More to the point, people shouldn't have to drop down a cognitive level or two in order to collaborate this way. Lots of graphic design tools can highlight and merge the differences between two photographs; DiffEngineX does it for Excel spreadsheets (though you need a pretty wide screen to use it effectively), and so on. There's no technical reason we can't diff and merge all our files; it's just that programmers mostly work with text, so they haven't built merging tools for other formats. (And increasingly, I believe they work with text because it's what they can diff and merge in version control...)

We're smarter when we work together. It's more fun, too, so I think tools ought to make collaboration as easy as adding a caption to a picture of a cat:

Captioned Cat

We were collaborating on a global scale before HTML5 and Javascript came along, and I'm confident that we'll still be doing so ten years from now when they're both regarded as legacy technologies. If we want kids to hack web pages the way we hack code, we need to make merging as easy as reading email or uploading files to Dropbox. And if we want their teachers to remix each other's lessons, we need to show a little humility and make our methods work with their files. If we do that for them, they will learn to work the way we do and raise up a generation that thinks open collaboration is normal.

And that, my friends, would be a revolution.

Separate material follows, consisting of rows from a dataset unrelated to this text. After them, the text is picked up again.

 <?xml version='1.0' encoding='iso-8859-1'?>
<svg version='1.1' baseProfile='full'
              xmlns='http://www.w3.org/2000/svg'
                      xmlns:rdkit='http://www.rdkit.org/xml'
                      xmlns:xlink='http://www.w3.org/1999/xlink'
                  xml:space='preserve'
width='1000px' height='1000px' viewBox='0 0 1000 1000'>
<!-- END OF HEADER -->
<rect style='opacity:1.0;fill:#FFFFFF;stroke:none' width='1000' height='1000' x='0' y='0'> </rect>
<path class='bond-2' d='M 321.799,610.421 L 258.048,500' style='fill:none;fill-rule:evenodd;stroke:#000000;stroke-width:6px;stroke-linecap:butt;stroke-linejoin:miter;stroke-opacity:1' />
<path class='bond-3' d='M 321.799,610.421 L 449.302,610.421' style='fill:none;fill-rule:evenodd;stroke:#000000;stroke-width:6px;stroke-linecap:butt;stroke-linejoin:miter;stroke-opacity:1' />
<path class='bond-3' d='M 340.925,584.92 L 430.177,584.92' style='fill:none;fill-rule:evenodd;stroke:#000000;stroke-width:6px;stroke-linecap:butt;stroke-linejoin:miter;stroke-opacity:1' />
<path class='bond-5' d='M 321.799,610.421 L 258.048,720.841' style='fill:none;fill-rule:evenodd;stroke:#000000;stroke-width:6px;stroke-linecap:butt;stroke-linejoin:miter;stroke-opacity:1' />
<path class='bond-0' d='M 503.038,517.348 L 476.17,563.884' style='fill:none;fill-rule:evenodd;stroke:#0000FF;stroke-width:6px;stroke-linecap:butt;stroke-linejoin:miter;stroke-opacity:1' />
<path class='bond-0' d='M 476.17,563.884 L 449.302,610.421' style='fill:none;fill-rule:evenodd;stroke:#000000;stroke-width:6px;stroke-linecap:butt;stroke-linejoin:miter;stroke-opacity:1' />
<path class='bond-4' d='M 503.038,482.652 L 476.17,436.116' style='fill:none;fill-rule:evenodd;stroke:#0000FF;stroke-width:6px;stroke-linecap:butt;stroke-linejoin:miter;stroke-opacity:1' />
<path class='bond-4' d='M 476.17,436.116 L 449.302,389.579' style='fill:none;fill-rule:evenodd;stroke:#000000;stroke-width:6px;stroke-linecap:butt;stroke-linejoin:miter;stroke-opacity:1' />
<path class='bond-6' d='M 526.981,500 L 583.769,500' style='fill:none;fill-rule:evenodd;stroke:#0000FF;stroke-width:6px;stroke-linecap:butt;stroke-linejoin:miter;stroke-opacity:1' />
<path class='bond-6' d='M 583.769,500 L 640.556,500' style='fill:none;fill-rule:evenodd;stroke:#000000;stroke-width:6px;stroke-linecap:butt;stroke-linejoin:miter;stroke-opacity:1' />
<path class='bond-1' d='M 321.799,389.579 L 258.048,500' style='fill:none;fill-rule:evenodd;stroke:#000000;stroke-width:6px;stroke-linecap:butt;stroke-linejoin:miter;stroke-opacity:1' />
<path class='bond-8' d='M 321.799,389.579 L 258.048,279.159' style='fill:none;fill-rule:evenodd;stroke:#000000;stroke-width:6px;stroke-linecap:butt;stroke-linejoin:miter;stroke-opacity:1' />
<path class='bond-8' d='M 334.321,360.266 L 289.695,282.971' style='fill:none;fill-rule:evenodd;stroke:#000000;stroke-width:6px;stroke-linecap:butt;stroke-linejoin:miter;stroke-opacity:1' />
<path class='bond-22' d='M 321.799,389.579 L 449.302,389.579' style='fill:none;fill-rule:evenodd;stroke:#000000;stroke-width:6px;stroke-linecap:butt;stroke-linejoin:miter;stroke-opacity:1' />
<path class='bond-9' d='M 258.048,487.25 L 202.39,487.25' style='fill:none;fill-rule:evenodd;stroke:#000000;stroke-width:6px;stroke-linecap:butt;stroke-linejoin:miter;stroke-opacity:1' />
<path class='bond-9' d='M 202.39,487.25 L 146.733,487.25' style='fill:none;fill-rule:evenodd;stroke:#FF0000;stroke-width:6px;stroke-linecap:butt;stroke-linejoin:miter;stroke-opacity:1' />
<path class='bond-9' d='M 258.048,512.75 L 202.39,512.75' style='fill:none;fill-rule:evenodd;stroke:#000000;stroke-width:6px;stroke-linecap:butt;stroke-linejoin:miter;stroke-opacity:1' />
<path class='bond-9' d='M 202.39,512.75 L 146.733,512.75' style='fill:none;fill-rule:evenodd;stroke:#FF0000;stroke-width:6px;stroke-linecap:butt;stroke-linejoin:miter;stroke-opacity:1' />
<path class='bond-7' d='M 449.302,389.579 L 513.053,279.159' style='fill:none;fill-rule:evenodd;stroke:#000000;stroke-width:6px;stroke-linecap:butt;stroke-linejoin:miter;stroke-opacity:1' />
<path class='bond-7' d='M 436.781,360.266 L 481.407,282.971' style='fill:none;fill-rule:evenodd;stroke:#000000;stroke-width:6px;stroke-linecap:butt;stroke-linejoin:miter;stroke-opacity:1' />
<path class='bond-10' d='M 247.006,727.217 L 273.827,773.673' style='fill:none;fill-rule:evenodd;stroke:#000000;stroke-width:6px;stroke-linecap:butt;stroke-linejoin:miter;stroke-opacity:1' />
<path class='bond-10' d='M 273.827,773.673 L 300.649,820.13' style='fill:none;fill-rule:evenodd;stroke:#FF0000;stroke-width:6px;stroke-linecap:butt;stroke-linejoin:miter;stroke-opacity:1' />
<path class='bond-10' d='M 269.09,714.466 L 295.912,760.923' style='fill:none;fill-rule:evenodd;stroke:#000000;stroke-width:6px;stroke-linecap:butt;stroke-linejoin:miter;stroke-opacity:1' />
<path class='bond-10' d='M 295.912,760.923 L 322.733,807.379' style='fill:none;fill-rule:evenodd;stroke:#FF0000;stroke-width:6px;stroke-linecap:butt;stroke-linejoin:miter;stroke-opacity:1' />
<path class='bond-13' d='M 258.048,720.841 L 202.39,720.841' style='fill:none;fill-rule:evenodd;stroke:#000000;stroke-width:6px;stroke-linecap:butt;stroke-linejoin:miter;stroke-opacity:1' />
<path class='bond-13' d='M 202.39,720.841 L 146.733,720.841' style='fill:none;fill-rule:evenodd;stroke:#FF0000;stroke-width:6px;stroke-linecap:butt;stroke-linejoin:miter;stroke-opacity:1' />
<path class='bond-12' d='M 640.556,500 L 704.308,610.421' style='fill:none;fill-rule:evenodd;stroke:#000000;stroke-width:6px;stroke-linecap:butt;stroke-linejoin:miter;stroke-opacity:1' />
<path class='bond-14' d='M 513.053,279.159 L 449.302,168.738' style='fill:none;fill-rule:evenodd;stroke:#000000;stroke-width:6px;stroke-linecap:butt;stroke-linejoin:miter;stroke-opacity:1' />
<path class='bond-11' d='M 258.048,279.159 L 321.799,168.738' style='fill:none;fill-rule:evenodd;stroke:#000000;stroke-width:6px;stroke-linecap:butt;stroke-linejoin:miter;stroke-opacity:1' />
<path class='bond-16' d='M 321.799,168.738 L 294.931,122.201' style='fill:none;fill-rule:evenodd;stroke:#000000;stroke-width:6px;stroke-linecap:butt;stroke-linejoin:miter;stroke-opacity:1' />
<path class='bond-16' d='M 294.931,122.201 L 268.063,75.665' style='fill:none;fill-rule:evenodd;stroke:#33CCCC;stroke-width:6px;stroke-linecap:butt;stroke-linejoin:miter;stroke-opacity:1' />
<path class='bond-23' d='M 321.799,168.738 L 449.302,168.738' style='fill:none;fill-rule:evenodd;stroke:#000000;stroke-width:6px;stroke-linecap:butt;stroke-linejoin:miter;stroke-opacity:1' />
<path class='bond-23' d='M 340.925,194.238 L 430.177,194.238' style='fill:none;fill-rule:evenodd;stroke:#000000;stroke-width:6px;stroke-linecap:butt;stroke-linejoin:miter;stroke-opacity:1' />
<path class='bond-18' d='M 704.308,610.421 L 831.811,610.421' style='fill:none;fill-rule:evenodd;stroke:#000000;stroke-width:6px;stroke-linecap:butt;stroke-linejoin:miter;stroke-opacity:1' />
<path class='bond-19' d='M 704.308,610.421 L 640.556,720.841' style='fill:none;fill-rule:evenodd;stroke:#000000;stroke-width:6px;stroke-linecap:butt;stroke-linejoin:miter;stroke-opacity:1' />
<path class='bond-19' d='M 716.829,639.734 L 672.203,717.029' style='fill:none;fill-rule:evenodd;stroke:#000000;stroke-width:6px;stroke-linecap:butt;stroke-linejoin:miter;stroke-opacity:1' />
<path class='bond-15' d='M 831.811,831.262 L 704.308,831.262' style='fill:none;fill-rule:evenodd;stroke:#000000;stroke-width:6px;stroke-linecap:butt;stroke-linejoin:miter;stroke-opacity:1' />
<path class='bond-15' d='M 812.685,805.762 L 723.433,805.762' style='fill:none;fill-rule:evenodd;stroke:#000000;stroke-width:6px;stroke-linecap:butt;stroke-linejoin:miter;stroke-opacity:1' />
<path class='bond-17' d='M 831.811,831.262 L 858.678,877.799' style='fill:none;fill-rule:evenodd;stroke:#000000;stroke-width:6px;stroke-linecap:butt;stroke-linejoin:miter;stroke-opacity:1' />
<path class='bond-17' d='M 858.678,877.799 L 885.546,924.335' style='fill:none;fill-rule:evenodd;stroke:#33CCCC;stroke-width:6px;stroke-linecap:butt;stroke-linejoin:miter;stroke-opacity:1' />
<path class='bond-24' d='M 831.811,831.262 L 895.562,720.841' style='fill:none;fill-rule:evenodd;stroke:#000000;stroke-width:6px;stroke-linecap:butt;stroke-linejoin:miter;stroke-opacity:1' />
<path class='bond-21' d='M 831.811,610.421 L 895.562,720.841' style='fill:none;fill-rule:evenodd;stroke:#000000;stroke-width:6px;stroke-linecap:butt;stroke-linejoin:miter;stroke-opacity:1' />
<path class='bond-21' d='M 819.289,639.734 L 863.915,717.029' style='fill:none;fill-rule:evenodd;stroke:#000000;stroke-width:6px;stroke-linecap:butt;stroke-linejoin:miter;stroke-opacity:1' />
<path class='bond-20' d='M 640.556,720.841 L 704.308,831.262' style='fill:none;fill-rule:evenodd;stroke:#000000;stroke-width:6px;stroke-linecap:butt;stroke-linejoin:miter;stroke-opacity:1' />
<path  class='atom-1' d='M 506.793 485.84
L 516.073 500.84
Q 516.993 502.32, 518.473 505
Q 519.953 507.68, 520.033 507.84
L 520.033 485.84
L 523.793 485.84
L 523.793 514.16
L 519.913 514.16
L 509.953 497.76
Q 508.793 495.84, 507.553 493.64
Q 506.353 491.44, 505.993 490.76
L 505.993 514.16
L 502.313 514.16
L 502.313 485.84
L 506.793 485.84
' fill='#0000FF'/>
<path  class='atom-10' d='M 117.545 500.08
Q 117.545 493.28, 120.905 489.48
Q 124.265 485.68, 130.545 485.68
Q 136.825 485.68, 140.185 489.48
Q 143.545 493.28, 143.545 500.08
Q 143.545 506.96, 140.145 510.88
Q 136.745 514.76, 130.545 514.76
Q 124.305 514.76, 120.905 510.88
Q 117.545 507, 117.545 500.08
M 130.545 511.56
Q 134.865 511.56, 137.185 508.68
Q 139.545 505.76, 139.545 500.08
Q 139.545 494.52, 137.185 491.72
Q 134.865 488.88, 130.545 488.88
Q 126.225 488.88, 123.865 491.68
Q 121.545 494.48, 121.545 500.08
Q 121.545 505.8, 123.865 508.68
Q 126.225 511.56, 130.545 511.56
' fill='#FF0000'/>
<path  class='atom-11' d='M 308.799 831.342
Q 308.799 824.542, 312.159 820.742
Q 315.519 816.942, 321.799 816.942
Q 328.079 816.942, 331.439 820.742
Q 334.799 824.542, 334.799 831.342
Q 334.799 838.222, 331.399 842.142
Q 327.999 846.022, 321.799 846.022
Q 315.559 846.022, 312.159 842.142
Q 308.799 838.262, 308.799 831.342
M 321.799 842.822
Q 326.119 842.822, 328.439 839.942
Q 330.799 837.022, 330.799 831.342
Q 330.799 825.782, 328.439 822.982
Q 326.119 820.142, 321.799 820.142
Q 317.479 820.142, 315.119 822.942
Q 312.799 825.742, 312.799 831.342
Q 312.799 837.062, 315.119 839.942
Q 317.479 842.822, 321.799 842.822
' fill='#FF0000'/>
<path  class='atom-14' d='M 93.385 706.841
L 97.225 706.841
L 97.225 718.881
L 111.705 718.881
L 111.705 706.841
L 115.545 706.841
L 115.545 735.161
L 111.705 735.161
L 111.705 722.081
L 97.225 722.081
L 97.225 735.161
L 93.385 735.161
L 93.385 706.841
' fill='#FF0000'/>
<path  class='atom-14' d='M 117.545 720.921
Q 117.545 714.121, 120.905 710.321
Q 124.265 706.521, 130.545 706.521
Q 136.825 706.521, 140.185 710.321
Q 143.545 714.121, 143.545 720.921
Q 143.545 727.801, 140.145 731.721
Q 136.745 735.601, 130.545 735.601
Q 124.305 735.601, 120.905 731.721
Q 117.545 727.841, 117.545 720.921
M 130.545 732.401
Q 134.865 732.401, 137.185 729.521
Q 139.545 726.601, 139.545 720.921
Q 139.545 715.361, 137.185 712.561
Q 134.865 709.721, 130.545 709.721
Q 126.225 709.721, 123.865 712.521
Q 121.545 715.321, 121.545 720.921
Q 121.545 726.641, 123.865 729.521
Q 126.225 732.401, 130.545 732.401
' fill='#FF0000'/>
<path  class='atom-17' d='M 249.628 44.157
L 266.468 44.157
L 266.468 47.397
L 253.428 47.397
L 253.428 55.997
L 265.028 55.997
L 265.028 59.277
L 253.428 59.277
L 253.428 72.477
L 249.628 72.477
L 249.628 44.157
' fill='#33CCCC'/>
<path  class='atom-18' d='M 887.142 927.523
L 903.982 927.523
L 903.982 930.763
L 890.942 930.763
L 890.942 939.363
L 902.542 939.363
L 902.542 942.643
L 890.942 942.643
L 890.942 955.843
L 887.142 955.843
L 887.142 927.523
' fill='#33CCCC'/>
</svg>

  1. The exception is systems like Wikipedia that have just one copy of the document which everyone edits simultaneously, but like Google Docs and Etherpad, that clearly doesn't work for programming, slide decks, or other situations in which people want to try different things at the same time.
  2. PowerPoint "merging" tools like these two just concatenate multiple presentations into one, or generate a specialized deck from a template by filling in blanks with names and dates (rather like spam generators).
  3. At this point programmers often say, "Then write your slides Markdown or LaTeX or HTML5 or some other text-based format so that merging is easy," but that's like saying, "If you take all the pictures out of your book, it'll compress much better." PowerPoint, LibreOffice, Keynote, and other WYSIWYG presentation tools have survived and thrived because they make it easy for people to mix graphics and text however they want, just as they would on a whiteboard. As this blog post shows, it's a lot harder to do this with text-based tools: I had to switch from my editor to a drawing package to create the diagrams included above, then upload them, and if you ask your browser to search for "Original Version", it still won't find that label in either of the diagrams. Given the choice between whiteboarding (which they take for granted) and merging (which they've never done before, and whose value they don't yet understand), almost everyone will choose the former.
  4. More precisely, neither makes asnchronous collaboration easy. TowTruck lets people share dynamic browser sessions in real time, which is really cool, but as noted in [1], that's a very different model than forking and merging.